Some beautiful ceilings, consisting of geometrical panelling fan-tracery, and pendentives, were similar to wood and stone ceilings of the late Gothic period. These richly-moulded pendentives were connected together with moulded ribs. The ribs frequently had a repeating pattern impressed while the plaster was soft (plate 39). Occasionally a double frieze was used, the lower having delicate arabesques and strap-work, while the upper one had boldly-marked cartouches and arabesques. One of the most important examples of early Renascence plaster is the frieze in the presence chamber, Hardwick Hall. It is decorated with hunting subjects, as Diana and her train, surrounded with forest foliage.
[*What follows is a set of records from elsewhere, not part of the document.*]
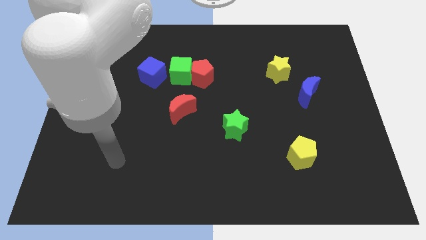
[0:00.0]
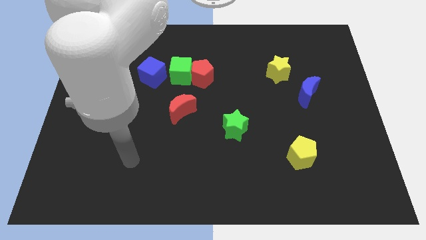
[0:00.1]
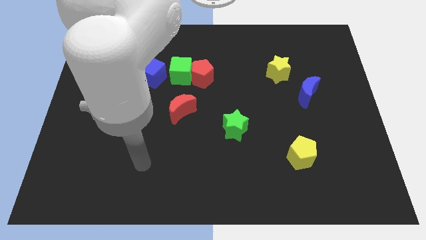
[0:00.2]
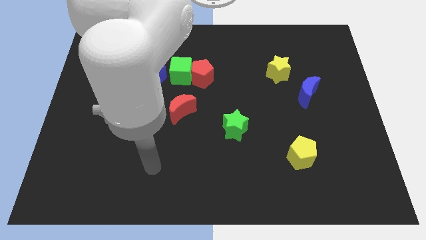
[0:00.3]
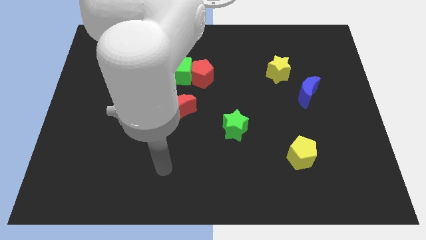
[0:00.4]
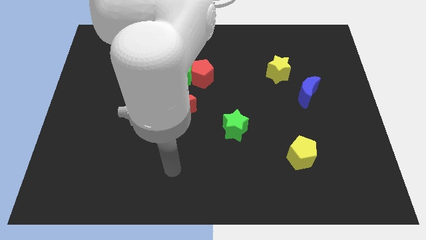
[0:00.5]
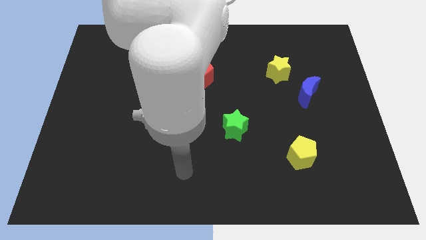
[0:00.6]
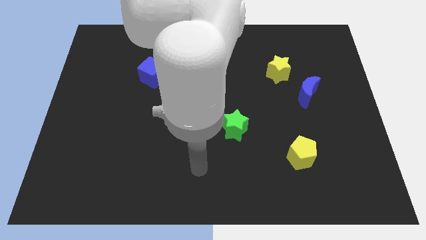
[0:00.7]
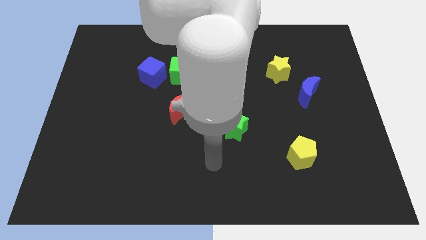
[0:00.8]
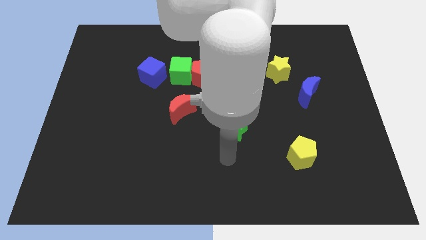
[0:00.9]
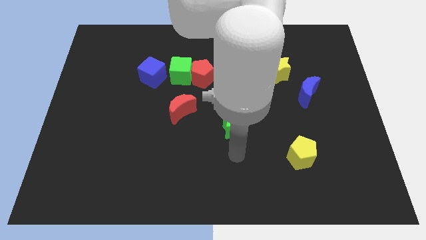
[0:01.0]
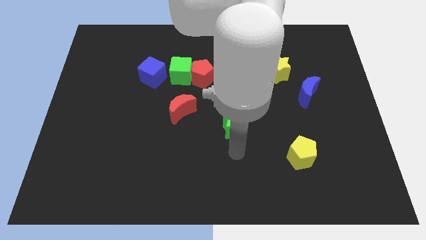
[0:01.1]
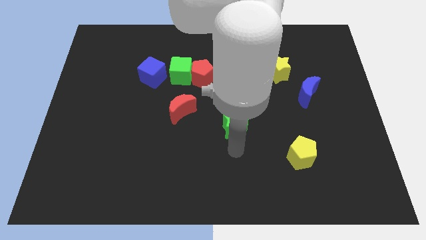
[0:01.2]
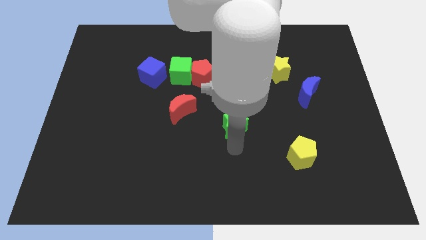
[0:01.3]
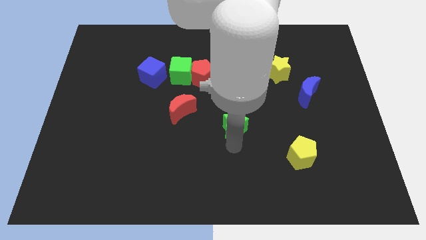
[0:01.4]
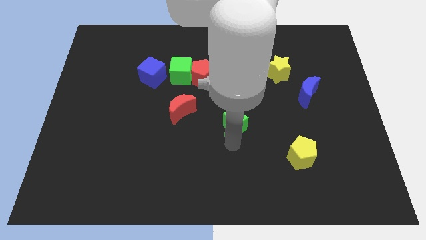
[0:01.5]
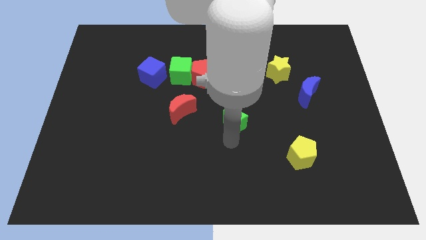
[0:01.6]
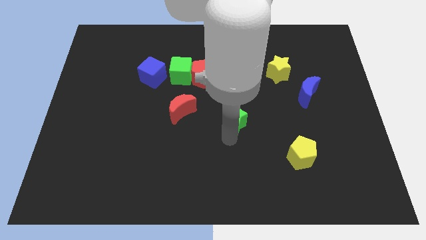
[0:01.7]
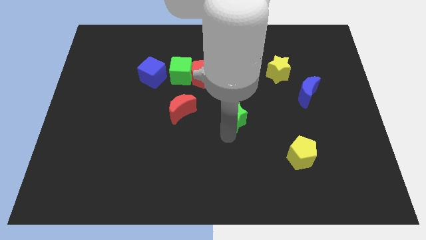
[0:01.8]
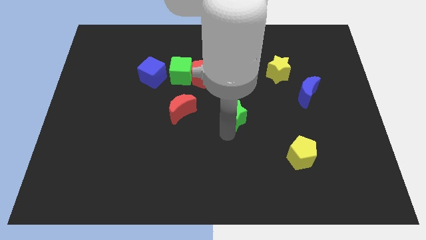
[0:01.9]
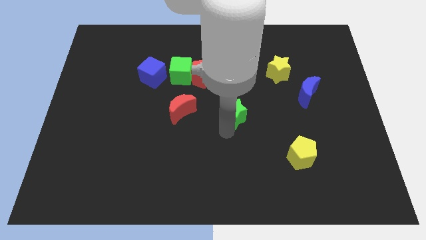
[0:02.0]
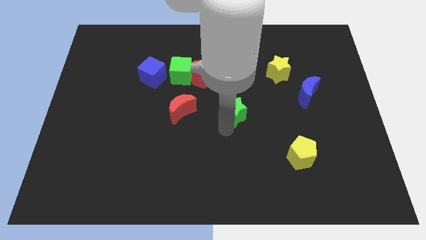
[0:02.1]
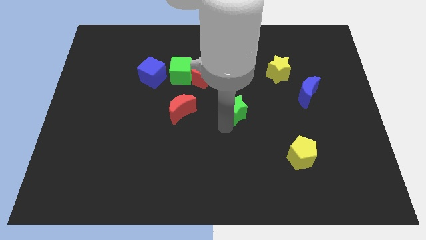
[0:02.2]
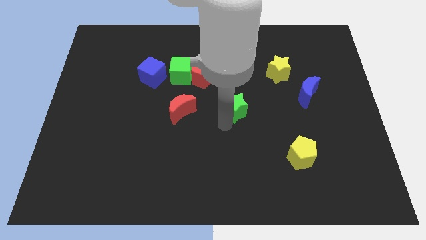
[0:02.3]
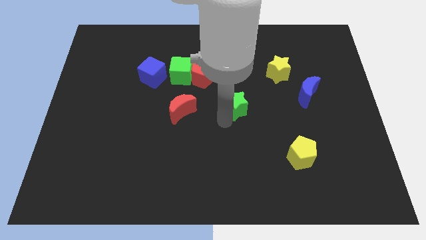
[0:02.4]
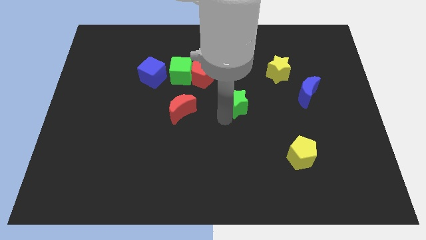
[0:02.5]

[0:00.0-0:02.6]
slightly move the green star up

This frieze is II ft. in height, modelled in low relief, and coloured in tempera.

Inigo Jones introduced the purely Italian Renascence. He was known from 1604-30 as the designer for the elaborate scenery for the brilliant masques by Ben Johnson that were performed by the nobles and court of that period. In 1622 Inigo Jones completed the Banqueting House, Whitehall, the only portion of his great design which was carried out. He also designed the Water Gate, York House, executed by his favourite carver, Nicholas Stone; the Queen’s House, Greenwich; and the great room at Wilton, with its fine mantelpiece and panelling.

The ornament of Inigo Jones is excellent in proportion, and Italian in type. The decoration of the panels and friezes consisted of boldly designed festoons, masks, and shields. The plaster ceilings have large rectangular, circular, or oval panels, with massive moulded ribs enriched with classical detail or with fruit or flowers in relief.

In the work of Wren, which followed, the details are less refined in type, being largely under the influence of realistic ornament and the Dutch School (plate 41).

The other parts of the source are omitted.